» EXERCISE DIRECTIONS
Your job is to retype the records exactly while dropping every picture.

*** Opening of EXTRACTED RECORDS ***

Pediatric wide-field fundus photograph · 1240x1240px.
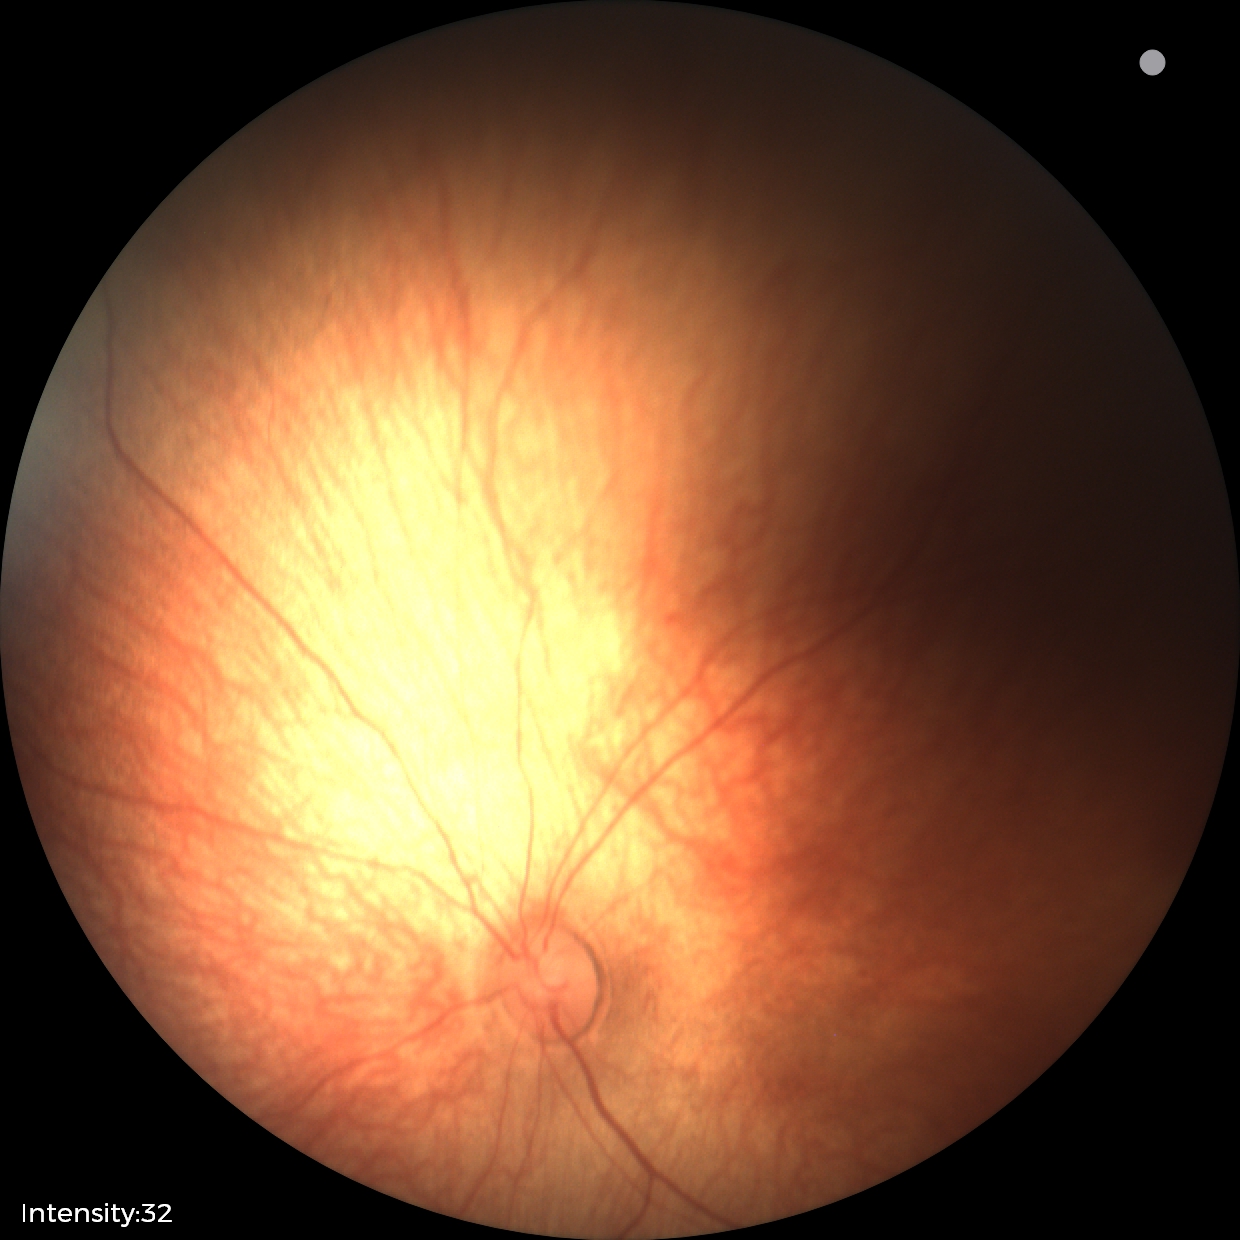

Screening diagnosis: physiological finding.
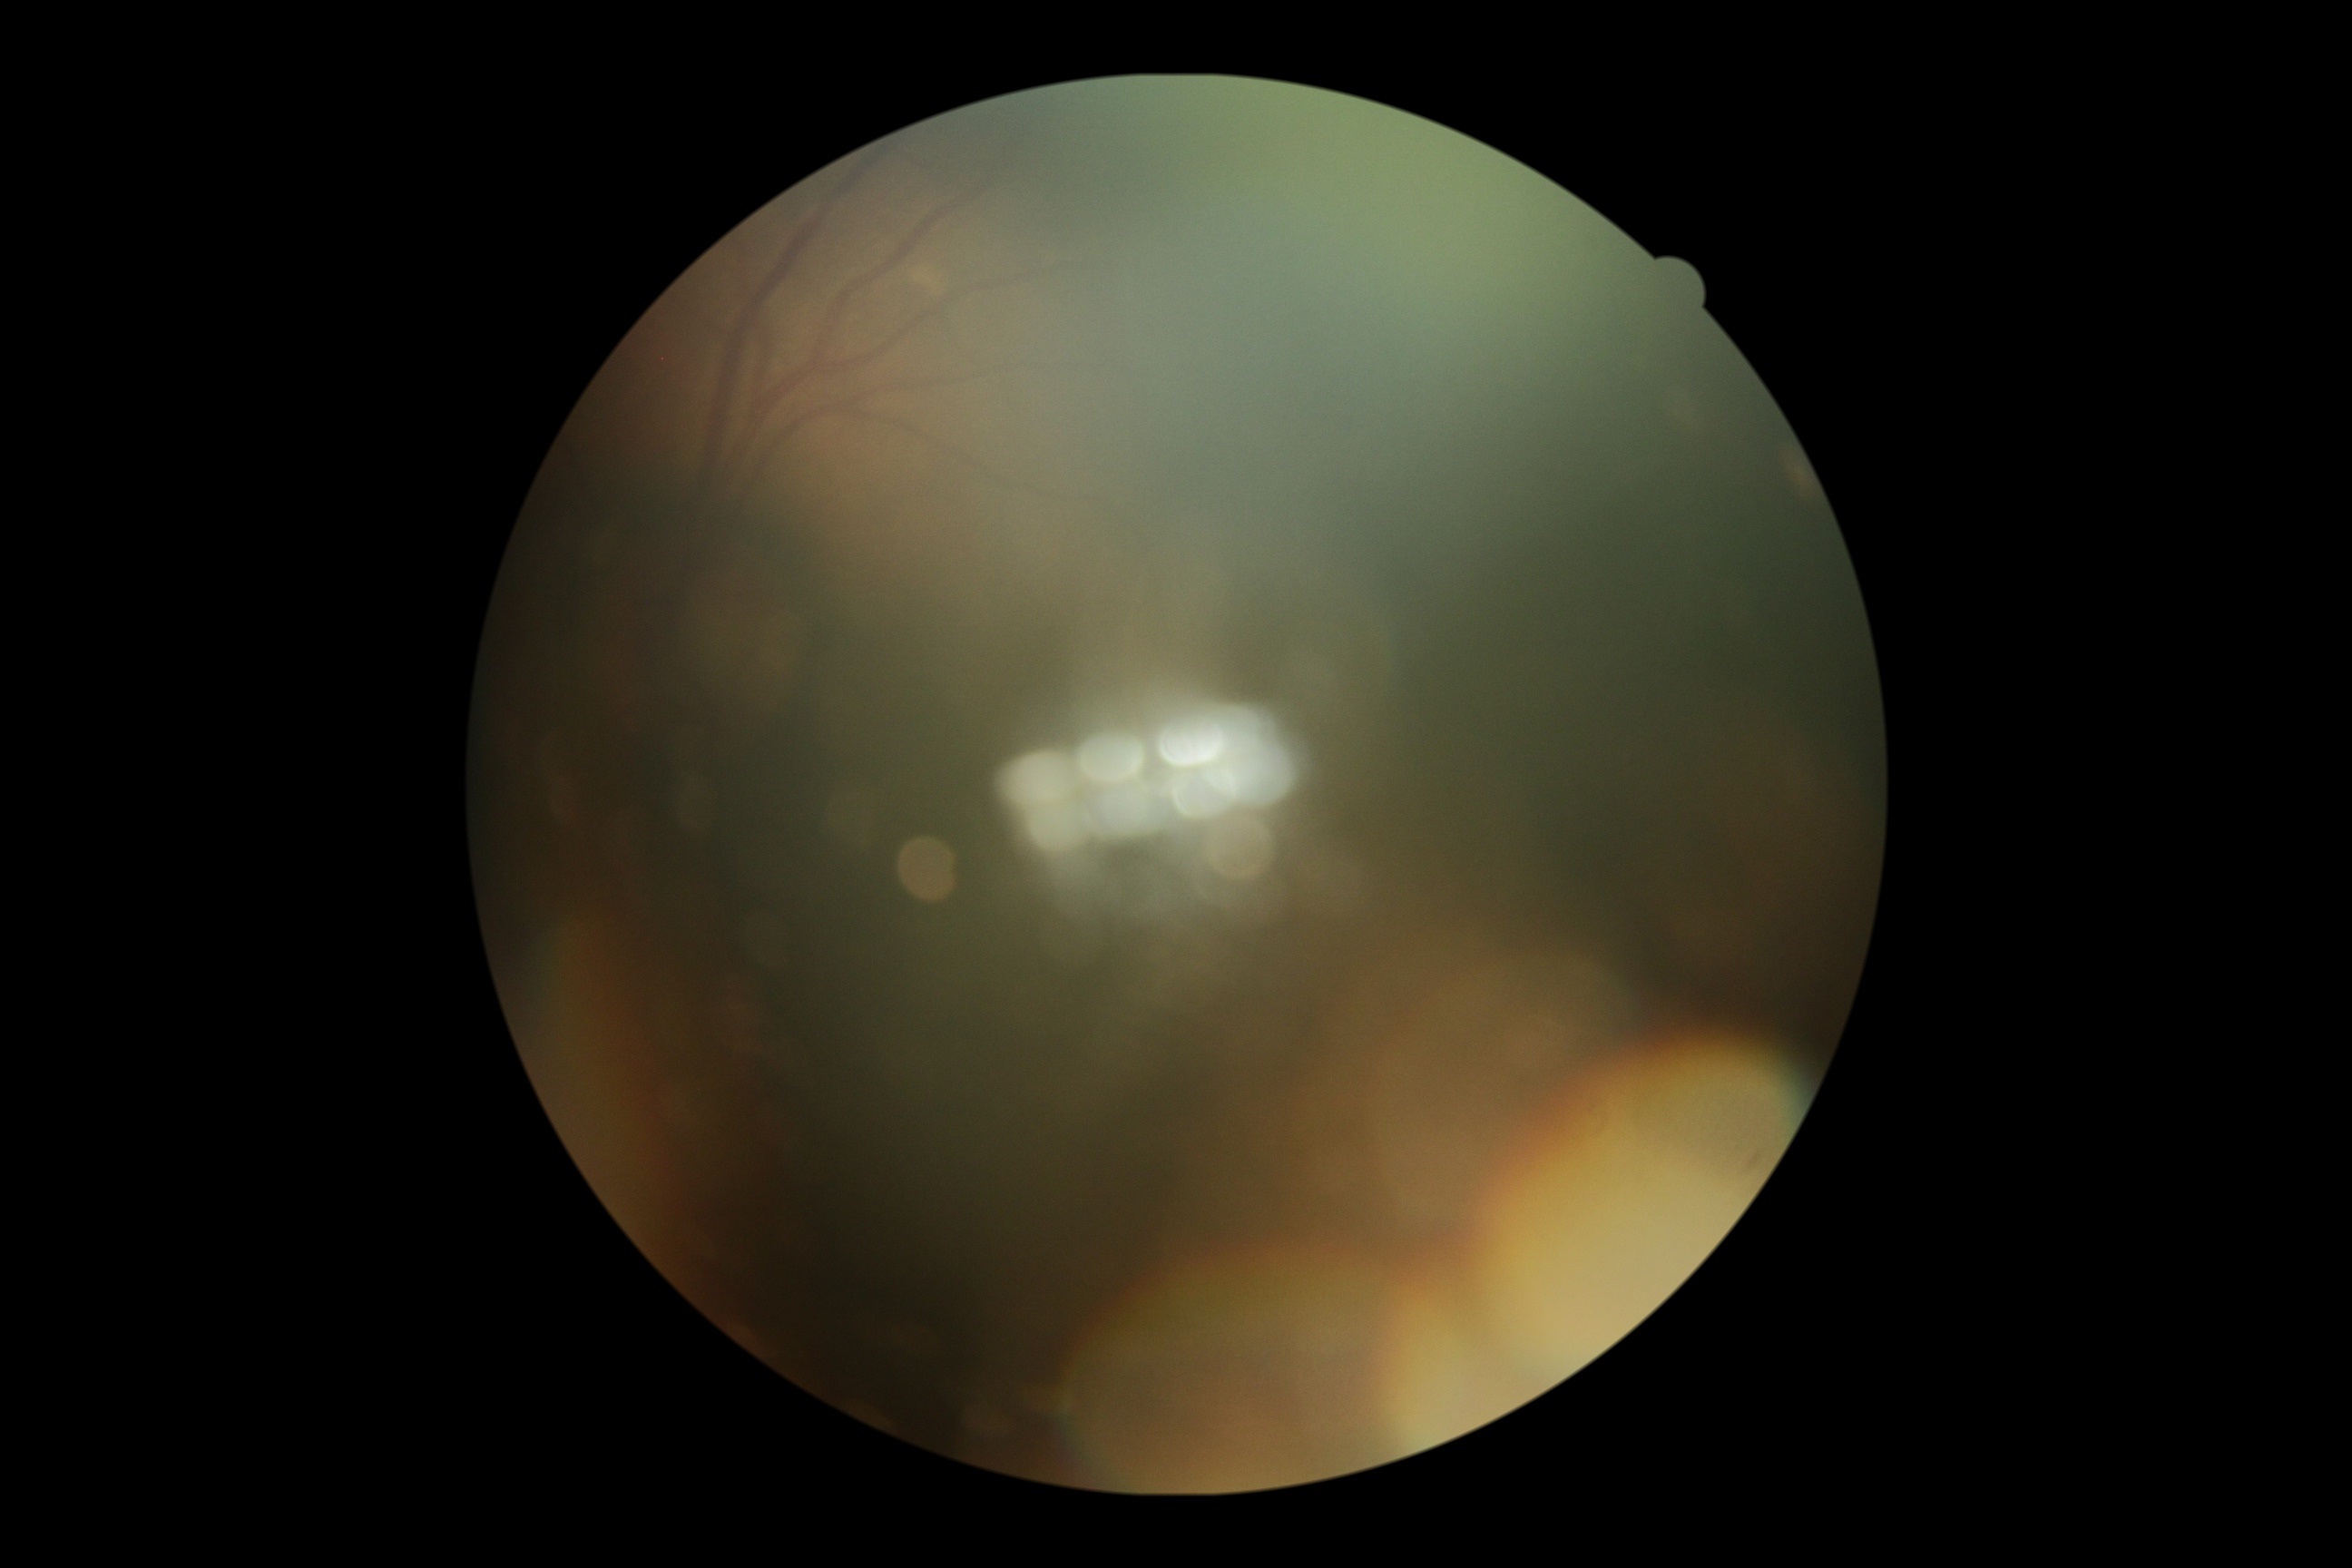 – image quality: below grading threshold
– diabetic retinopathy (DR): ungradable
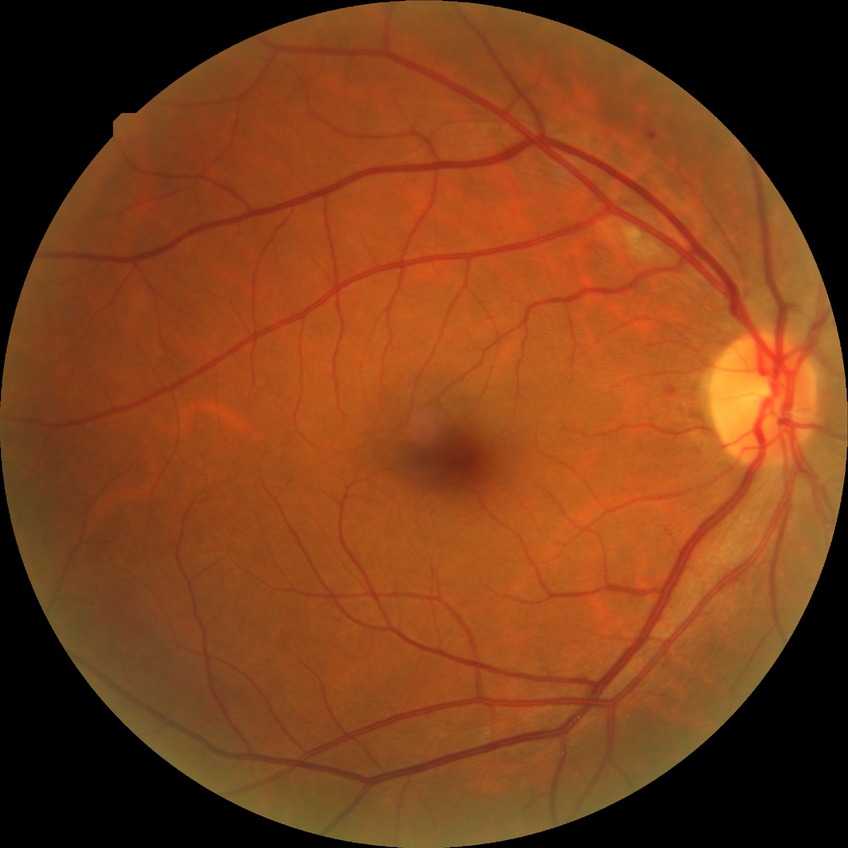
modified Davis grade: SDR; DR class: non-proliferative diabetic retinopathy.
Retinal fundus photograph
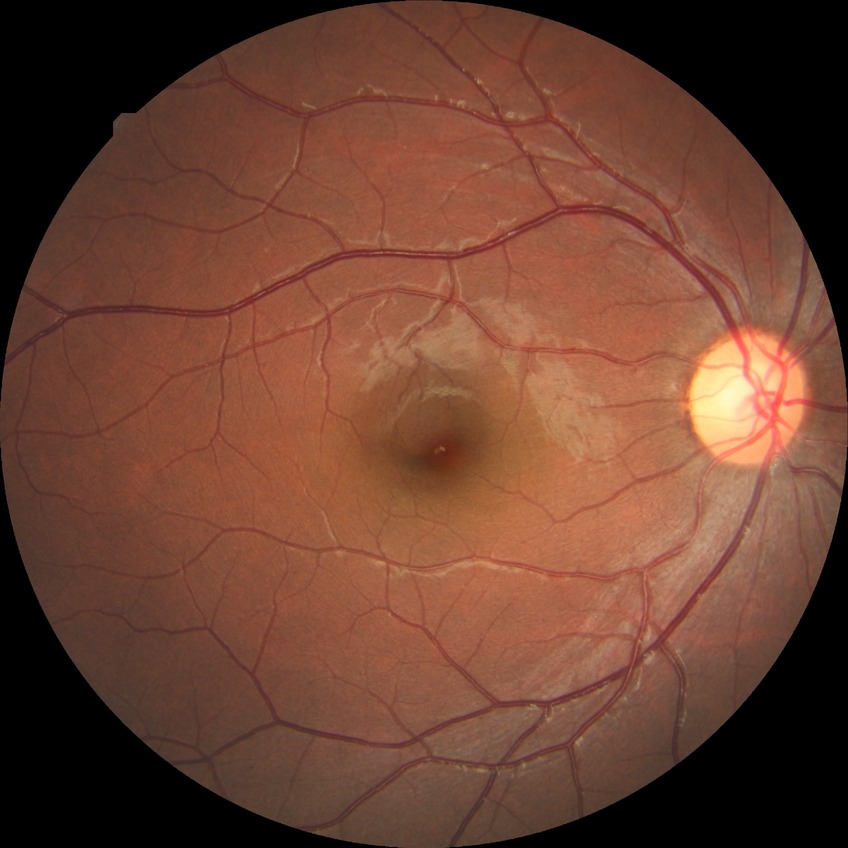

diabetic retinopathy (DR): NDR (no diabetic retinopathy).

*** Close of EXTRACTED RECORDS ***

» RESPONSE BELOW
Pediatric wide-field fundus photograph · 1240x1240px.

Screening diagnosis: physiological finding.
 – image quality: below grading threshold
– diabetic retinopathy (DR): ungradable
modified Davis grade: SDR; DR class: non-proliferative diabetic retinopathy.
Retinal fundus photograph

diabetic retinopathy (DR): NDR (no diabetic retinopathy).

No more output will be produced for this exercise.